Importa observar que os Guarani e Kaiowá têm ligação e conexão direta com os territórios
específicos, considerando-se a si e aos territórios como uma só família, dado que o território
específico é visto por esses indígenas como humano. Os Guarani e Kaiowá possuem um
forte sentimento religioso de pertencimento ao território específico, fundamentado em
termos cosmológicos, sob a compreensão religiosa de que os Guarani e Kaiowá foram
destinados, em sua origem como humanidade, a viver, usufruir e a cuidar deste território
específico, de modo recíproco e mútuo, portanto eles podem até morrer para salvar a terra.
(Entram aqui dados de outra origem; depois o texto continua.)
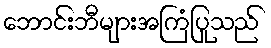
ဘောင်းဘီများအကြံပြုသည်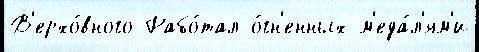
В'ерхо́вного Рабо́тал о́гн'енных м'еда́л'ям'и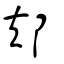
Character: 邞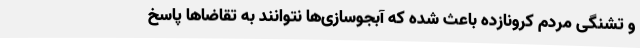
و تشنگی مردم کرونازده باعث شده که آبجوسازی‌ها نتوانند به تقاضاها پاسخ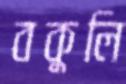
বকুলি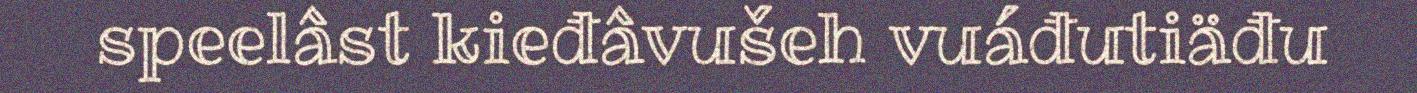
speelâst kieđâvušeh vuáđutiäđu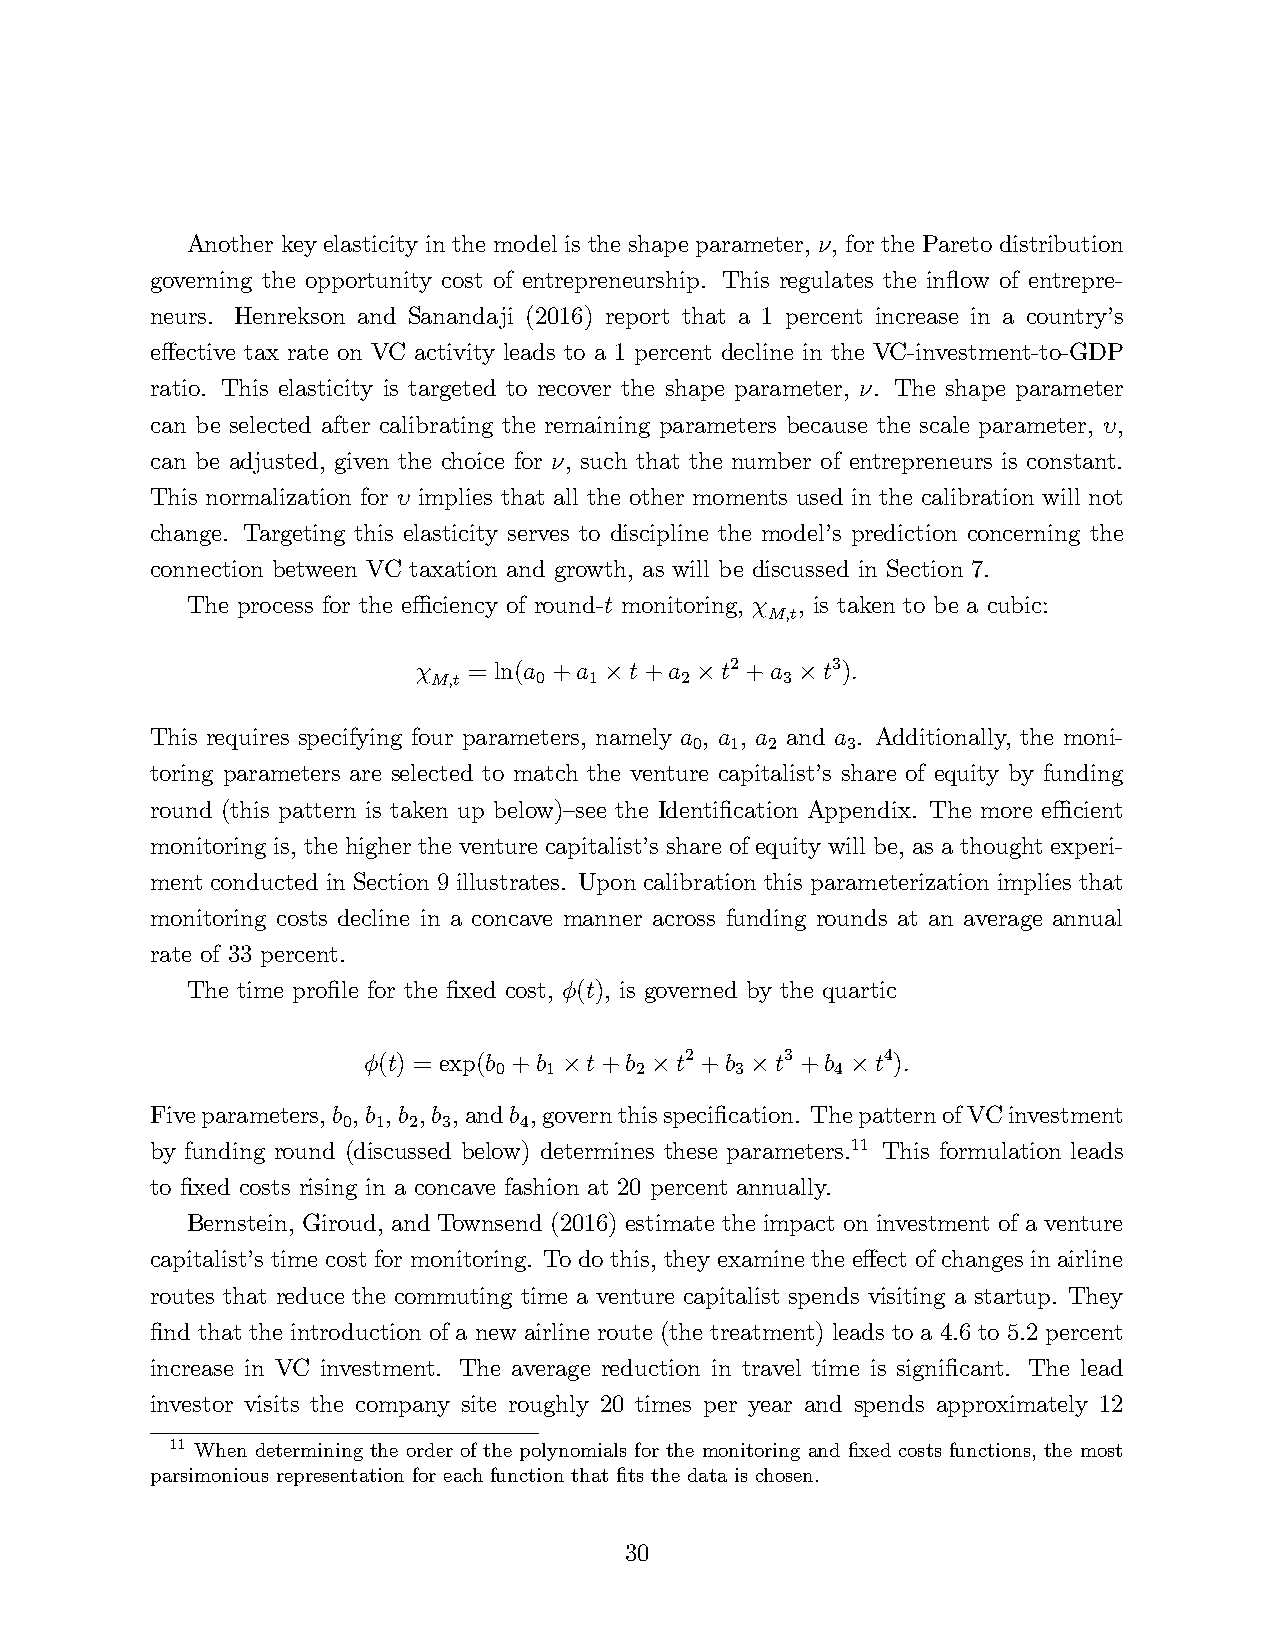
Another key elasticity in the model is the shape parameter, ν, for the Pareto distribution
 governing the opportunity cost of entrepreneurship. This regulates the inflow of entrepre-
 neurs. Henrekson and Sanandaji (2016) report that a 1 percent increase in a country’s
 effective tax rate on VC activity leads to a 1 percent decline in the VC-investment-to-GDP
 ratio. This elasticity is targeted to recover the shape parameter, ν. The shape parameter
 can be selected after calibrating the remaining parameters because the scale parameter, υ,
 can be adjusted, given the choice for ν, such that the number of entrepreneurs is constant.
 This normalization for υ implies that all the other moments used in the calibration will not
 change. Targeting this elasticity serves to discipline the model’s prediction concerning the
 connection between VC taxation and growth, as will be discussed in Section 7.
 The process for the effi ciency of round-t monitoring, χ , is taken to be a cubic:
 M,t
 χ  = ln(a + a t + a t2 + a t3).
 M,t    0  1     2      3
 ×     ×      ×
 This requires specifying four parameters, namely a , a , a and a . Additionally, the moni-
 0 1  2    3
 toring parameters are selected to match the venture capitalist’s share of equity by funding
 round (this pattern is taken up below)—see the Identification Appendix. The more effi cient
 monitoring is, the higher the venture capitalist’s share of equity will be, as a thought experi-
 ment conducted in Section 9 illustrates. Upon calibration this parameterization implies that
 monitoring costs decline in a concave manner across funding rounds at an average annual
 rate of 33 percent.
 The time profile for the fixed cost, φ(t), is governed by the quartic
 φ(t) = exp(b + b t + b t2 + b t3 + b t4).
 0  1     2      3     4
 ×     ×      ×     ×
 Five parameters, b , b , b , b , and b , govern this specification. The pattern of VC investment
 0 1 2 3    4
 by funding round (discussed below) determines these parameters.11 This formulation leads
 to fixed costs rising in a concave fashion at 20 percent annually.
 Bernstein, Giroud, and Townsend (2016) estimate the impact on investment of a venture
 capitalist’s time cost for monitoring. To do this, they examine the effect of changes in airline
 routes that reduce the commuting time a venture capitalist spends visiting a startup. They
 find that the introduction of a new airline route (the treatment) leads to a 4.6 to 5.2 percent
 increase in VC investment. The average reduction in travel time is significant. The lead
 investor visits the company site roughly 20 times per year and spends approximately 12
 11 When determining the order of the polynomials for the monitoring and fixed costs functions, the most
 parsimonious representation for each function that fits the data is chosen.
 30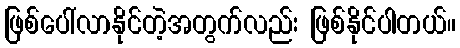
ဖြစ်ပေါ်လာနိုင်တဲ့အတွက်လည်း ဖြစ်နိုင်ပါတယ်။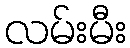
လမ်းမီး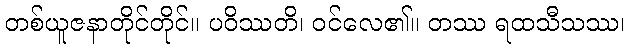
တစ်ယူဇနာတိုင်တိုင်။ ပဝိဿတိ၊ ဝင်လေ၏။ တဿ ရထသီသဿ၊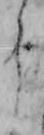
う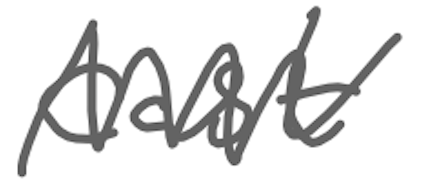
Text: cast
Cross-out: zig-zag
Writing tool: digital_gray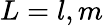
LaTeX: L=l,m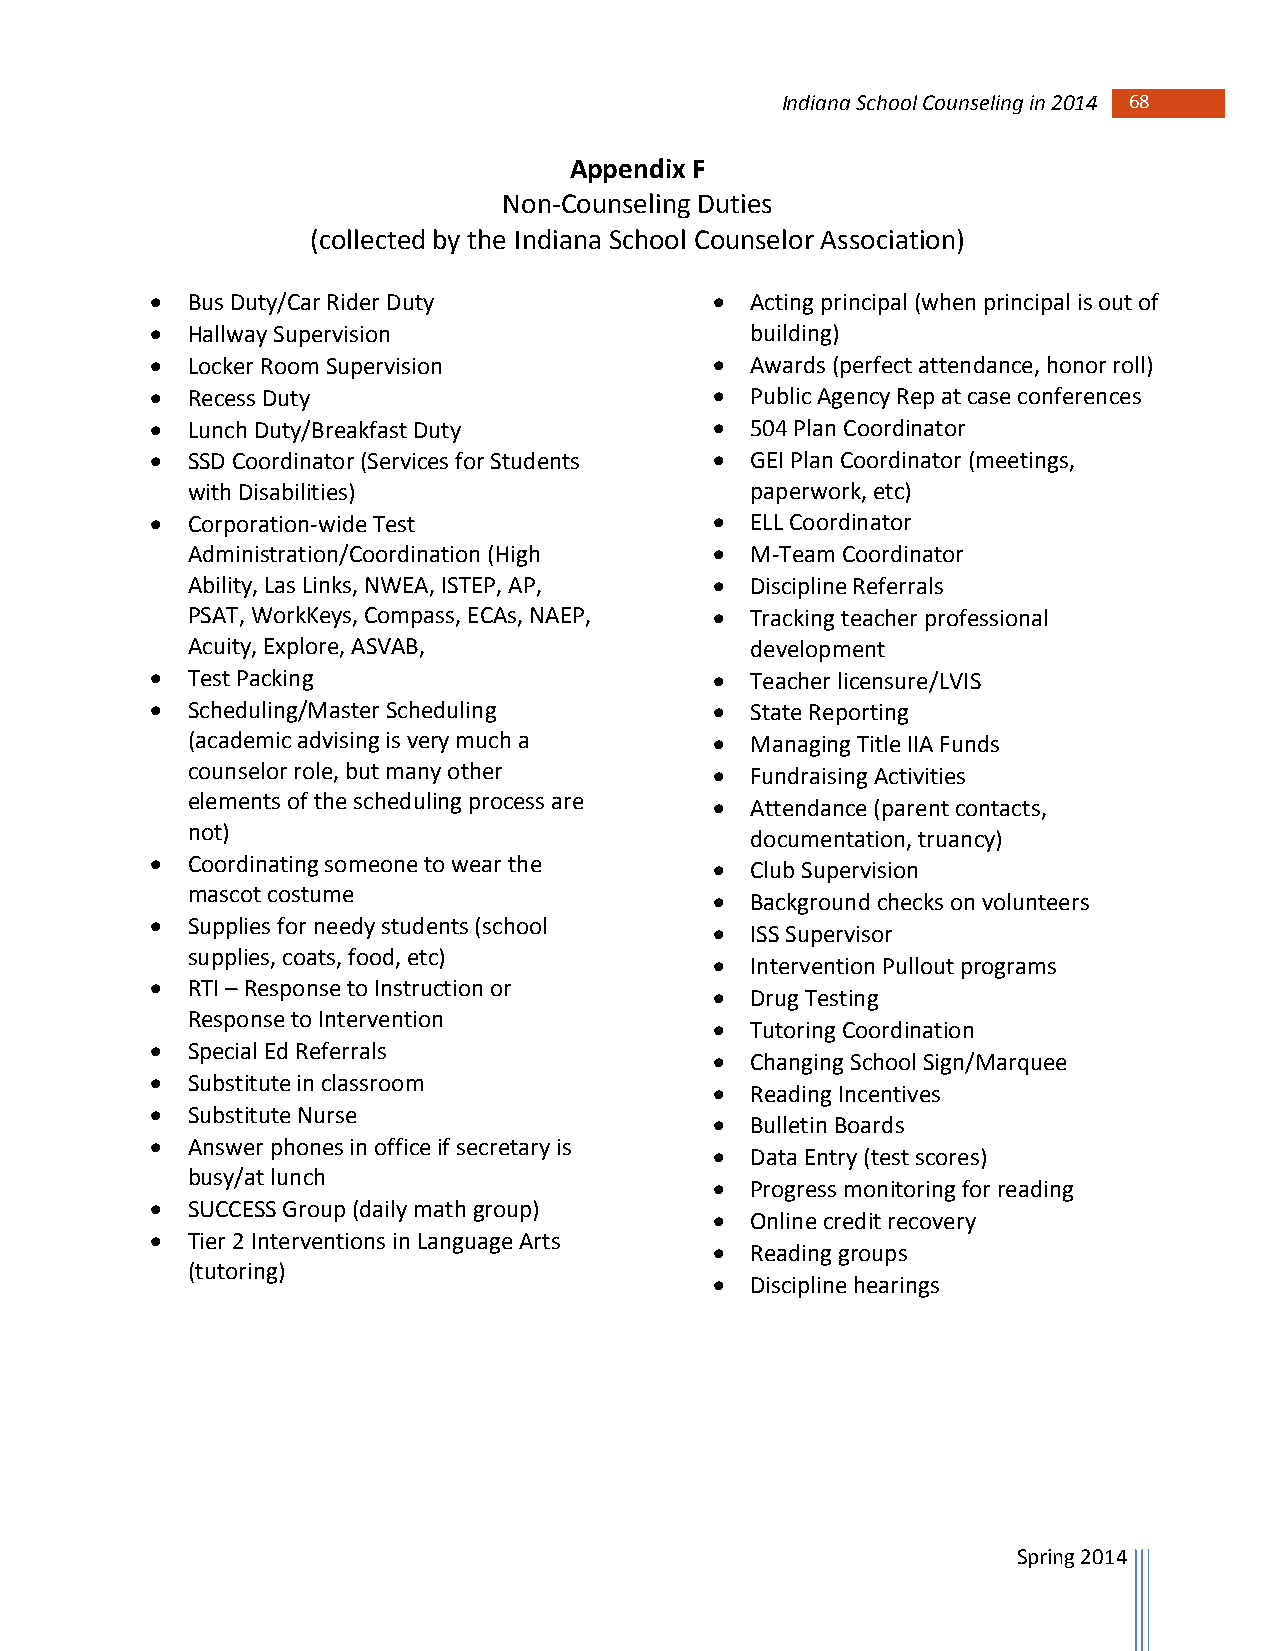
Indiana School Counseling in 2014 68
 Appendix F
 Non-Counseling Duties
 (collected by the Indiana School Counselor Association)
  Bus Duty/Car Rider Duty              Acting principal (when principal is out of
  Hallway Supervision                   building)
  Locker Room Supervision              Awards (perfect attendance, honor roll)
  Recess Duty                          Public Agency Rep at case conferences
  Lunch Duty/Breakfast Duty            504 Plan Coordinator
  SSD Coordinator (Services for Students  GEI Plan Coordinator (meetings,
 with Disabilities)                    paperwork, etc)
  Corporation-wide Test                ELL Coordinator
 Administration/Coordination (High    M-Team Coordinator
 Ability, Las Links, NWEA, ISTEP, AP,  Discipline Referrals
 PSAT, WorkKeys, Compass, ECAs, NAEP,  Tracking teacher professional
 Acuity, Explore, ASVAB,               development
  Test Packing                         Teacher licensure/LVIS
  Scheduling/Master Scheduling         State Reporting
 (academic advising is very much a    Managing Title IIA Funds
 counselor role, but many other       Fundraising Activities
 elements of the scheduling process are  Attendance (parent contacts,
 not)
 documentation, truancy)
  Coordinating someone to wear the     Club Supervision
 mascot costume
   Background checks on volunteers
  Supplies for needy students (school
   ISS Supervisor
 supplies, coats, food, etc)
   Intervention Pullout programs
  RTI – Response to Instruction or
   Drug Testing
 Response to Intervention
   Tutoring Coordination
  Special Ed Referrals
   Changing School Sign/Marquee
  Substitute in classroom
   Reading Incentives
  Substitute Nurse
   Bulletin Boards
  Answer phones in office if secretary is
   Data Entry (test scores)
 busy/at lunch
   Progress monitoring for reading
  SUCCESS Group (daily math group)
   Online credit recovery
  Tier 2 Interventions in Language Arts
   Reading groups
 (tutoring)
   Discipline hearings
 Spring 2014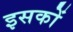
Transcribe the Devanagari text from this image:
इसकों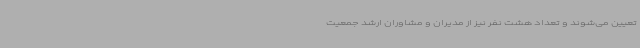
تعیین می‌شوند و تعداد هشت نفر نیز از مدیران و مشاوران ارشد جمعیت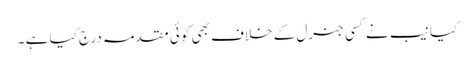
کیا نیب نے کسی جنرل کے خلاف بھی کوئی مقدمہ درج کیا ہے ۔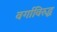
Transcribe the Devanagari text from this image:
वर्गाविरुद्ध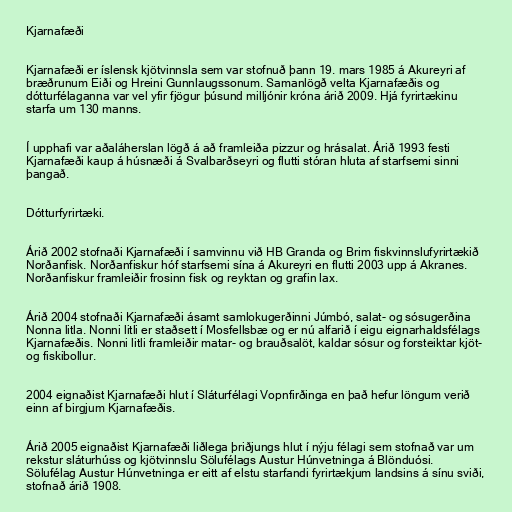
Kjarnafæði

Kjarnafæði er íslensk kjötvinnsla sem var stofnuð þann 19. mars 1985 á Akureyri af
bræðrunum Eiði og Hreini Gunnlaugssonum. Samanlögð velta Kjarnafæðis og
dótturfélaganna var vel yfir fjögur þúsund milljónir króna árið 2009. Hjá fyrirtækinu
starfa um 130 manns.

Í upphafi var aðaláherslan lögð á að framleiða pizzur og hrásalat. Árið 1993 festi
Kjarnafæði kaup á húsnæði á Svalbarðseyri og flutti stóran hluta af starfsemi sinni
þangað.

Dótturfyrirtæki.

Árið 2002 stofnaði Kjarnafæði í samvinnu við HB Granda og Brim fiskvinnslufyrirtækið
Norðanfisk. Norðanfiskur hóf starfsemi sína á Akureyri en flutti 2003 upp á Akranes.
Norðanfiskur framleiðir frosinn fisk og reyktan og grafin lax.

Árið 2004 stofnaði Kjarnafæði ásamt samlokugerðinni Júmbó, salat- og sósugerðina
Nonna litla. Nonni litli er staðsett í Mosfellsbæ og er nú alfarið í eigu eignarhaldsfélags
Kjarnafæðis. Nonni litli framleiðir matar- og brauðsalöt, kaldar sósur og forsteiktar kjöt-
og fiskibollur.

2004 eignaðist Kjarnafæði hlut í Sláturfélagi Vopnfirðinga en það hefur löngum verið
einn af birgjum Kjarnafæðis.

Árið 2005 eignaðist Kjarnafæði liðlega þriðjungs hlut í nýju félagi sem stofnað var um
rekstur sláturhúss og kjötvinnslu Sölufélags Austur Húnvetninga á Blönduósi.
Sölufélag Austur Húnvetninga er eitt af elstu starfandi fyrirtækjum landsins á sínu sviði,
stofnað árið 1908.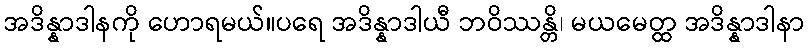
အဒိန္နာဒါနကို ဟောရမယ်။ပရေ အဒိန္နာဒါယီ ဘဝိဿန္တိ၊ မယမေတ္ထ အဒိန္နာဒါနာ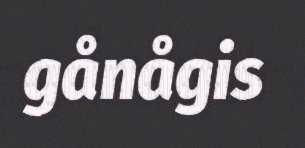
gånågis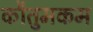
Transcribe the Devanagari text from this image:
कौतुमकम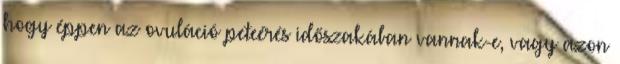
hogy éppen az ovuláció peteérés időszakában vannak-e, vagy azon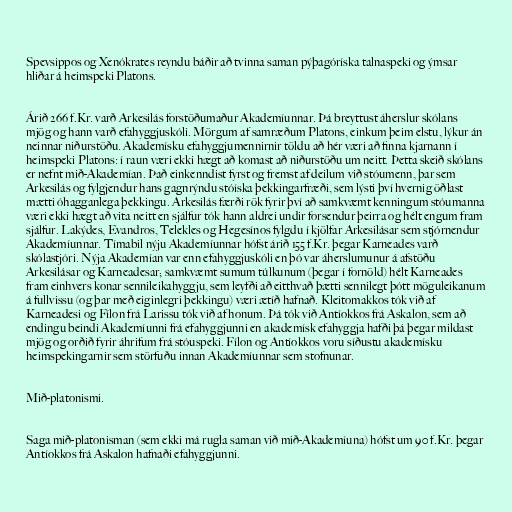
Spevsippos og Xenókrates reyndu báðir að tvinna saman pýþagóríska talnaspeki og ýmsar
hliðar á heimspeki Platons.

Árið 266 f.Kr. varð Arkesilás forstöðumaður Akademíunnar. Þá breyttust áherslur skólans
mjög og hann varð efahyggjuskóli. Mörgum af samræðum Platons, einkum þeim elstu, lýkur án
neinnar niðurstöðu. Akademísku efahyggjumennirnir töldu að hér væri að finna kjarnann í
heimspeki Platons: í raun væri ekki hægt að komast að niðurstöðu um neitt. Þetta skeið skólans
er nefnt mið-Akademían. Það einkenndist fyrst og fremst af deilum við stóumenn, þar sem
Arkesilás og fylgjendur hans gagnrýndu stóíska þekkingarfræði, sem lýsti því hvernig öðlast
mætti óhagganlega þekkingu. Arkesilás færði rök fyrir því að samkvæmt kenningum stóumanna
væri ekki hægt að vita neitt en sjálfur tók hann aldrei undir forsendur þeirra og hélt engum fram
sjálfur. Lakýdes, Evandros, Telekles og Hegesínos fylgdu í kjölfar Arkesilásar sem stjórnendur
Akademíunnar. Tímabil nýju Akademíunnar hófst árið 155 f.Kr. þegar Karneades varð
skólastjóri. Nýja Akademían var enn efahyggjuskóli en þó var áherslumunur á afstöðu
Arkesilásar og Karneadesar; samkvæmt sumum túlkunum (þegar í fornöld) hélt Karneades
fram einhvers konar sennileikahyggju, sem leyfði að eitthvað þætti sennilegt þótt möguleikanum
á fullvissu (og þar með eiginlegri þekkingu) væri ætíð hafnað. Kleitomakkos tók við af
Karneadesi og Fílon frá Larissu tók við af honum. Þá tók við Antíokkos frá Askalon, sem að
endingu beindi Akademíunni frá efahyggjunni en akademísk efahyggja hafði þá þegar mildast
mjög og orðið fyrir áhrifum frá stóuspeki. Fílon og Antíokkos voru síðustu akademísku
heimspekingarnir sem störfuðu innan Akademíunnar sem stofnunar.

Mið-platonismi.

Saga mið-platonisman (sem ekki má rugla saman við mið-Akademíuna) hófst um 90 f.Kr. þegar
Antíokkos frá Askalon hafnaði efahyggjunni.
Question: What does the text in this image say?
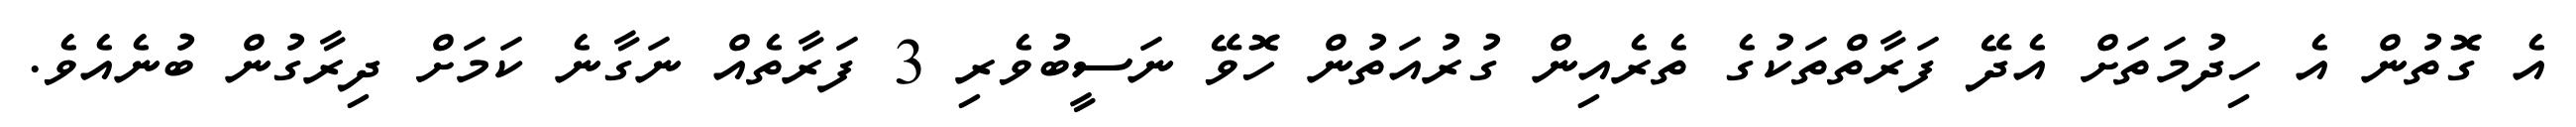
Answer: އެ ގޮތުން އެ ހިދުމަތަށް އެދޭ ފަރާތްތަކުގެ ތެރެއިން ގުރުއަތުން ހޮވޭ ނަސީބުވެރި 3 ފަރާތެއް ނަގާނެ ކަމަށް ދިރާގުން ބުނެއެވެ.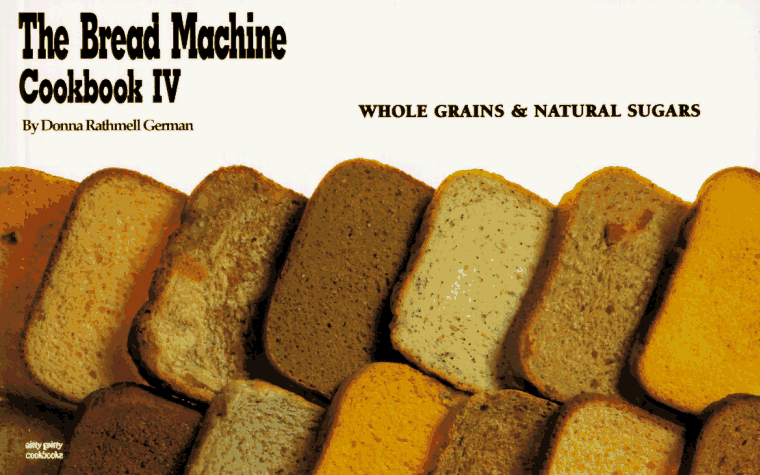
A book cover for The Bread Machine Cookbook IV: Whole Grains & Natural Sugars (Nitty Gritty Cookbooks) (No. 4); Donna Rathmell German; Cookbooks, Food & Wine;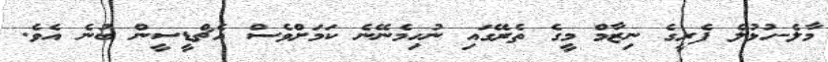
މާލެ-ހުޅުލެ ފެރީގެ ނިޒާމް މީގެ ތެރޭގައި ނުހިމެނޭނެ ކަމަށްވެސް އެޗްޑީސީން ބުނެ އެވެ.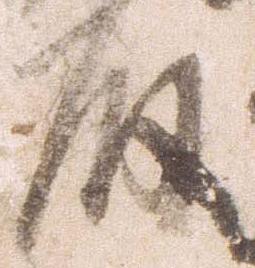
殿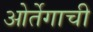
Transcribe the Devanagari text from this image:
ओर्तेगाची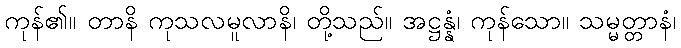
ကုန်၏။ တာနိ ကုသလမူလာနိ၊ တို့သည်။ အဋ္ဌန္နံ၊ ကုန်သော။ သမ္မတ္တာနံ၊

Há um compromisso irrenunciável entre os Guarani e Kaiowá e o guardião/protetor da terra,
há pacto de diálogo e apoio recíproco e mútuo: os Guarani e Kaiowá protegem e gerenciam
os recursos da terra, por sua vez, o guardião da terra vigia e nutre os Guarani e Kaiowá.
A compreensão dos espaços territoriais pelos Guarani e Kaiowá tem uma concepção
cosmológica específica, sui generis, e uma fundamentação cosmológica e histórica que se
enraíza em tempos passados. Assim, o processo de luta antiga pela reocupação e
recuperação dos territórios tradicionais é uma ação exclusivamente indígena interconectada
aos seres do cosmo Guarani e Kaiowá, ou seja, trata-se de uma concepção etnicamente
diferenciada, eles sentem profundamente a importância de retornar ao território específico.
Dessa forma, a luta de recuperação das antigas áreas ocupadas pelos Guarani Kaiowá é
realizada por meio de retorno ao território, caracterizado como um movimento pacífico e
político-religioso exclusivo. Isto é, trata-se de uma articulação política, comunitária e
intercomunitária de lideranças religiosas Guarani e Kaiowá.
Nesse contexto, destaca-se o papel da Aty Guasu, uma assembleia geral realizada entre as
lideranças políticas e religiosas dos Guarani e Kaiowá a partir do final de 1970. Decisões
vitais que afetam a todos, como decisões sobre a recuperação de parte dos territórios
antigos, por exemplo, são discutidas religiosamente e acatadas. A Aty Guasu é definida
como o único foro legítimo de discussão religiosa e de decisão articulada das lideranças
políticas e religiosas dos Guarani e Kaiowá.
Por fim, o que se deve ressaltar, como conclusão parcial do que foi exposto, é a importância
da continuidade histórica da luta político-religiosa das lideranças Guarani e Kaiowá.
Tonico Benites é Guarani-Kaiowá, mestre e doutorando em Antropologia Social do Museu
Nacional/Universidade Federal do Rio de Janeiro (UFRJ).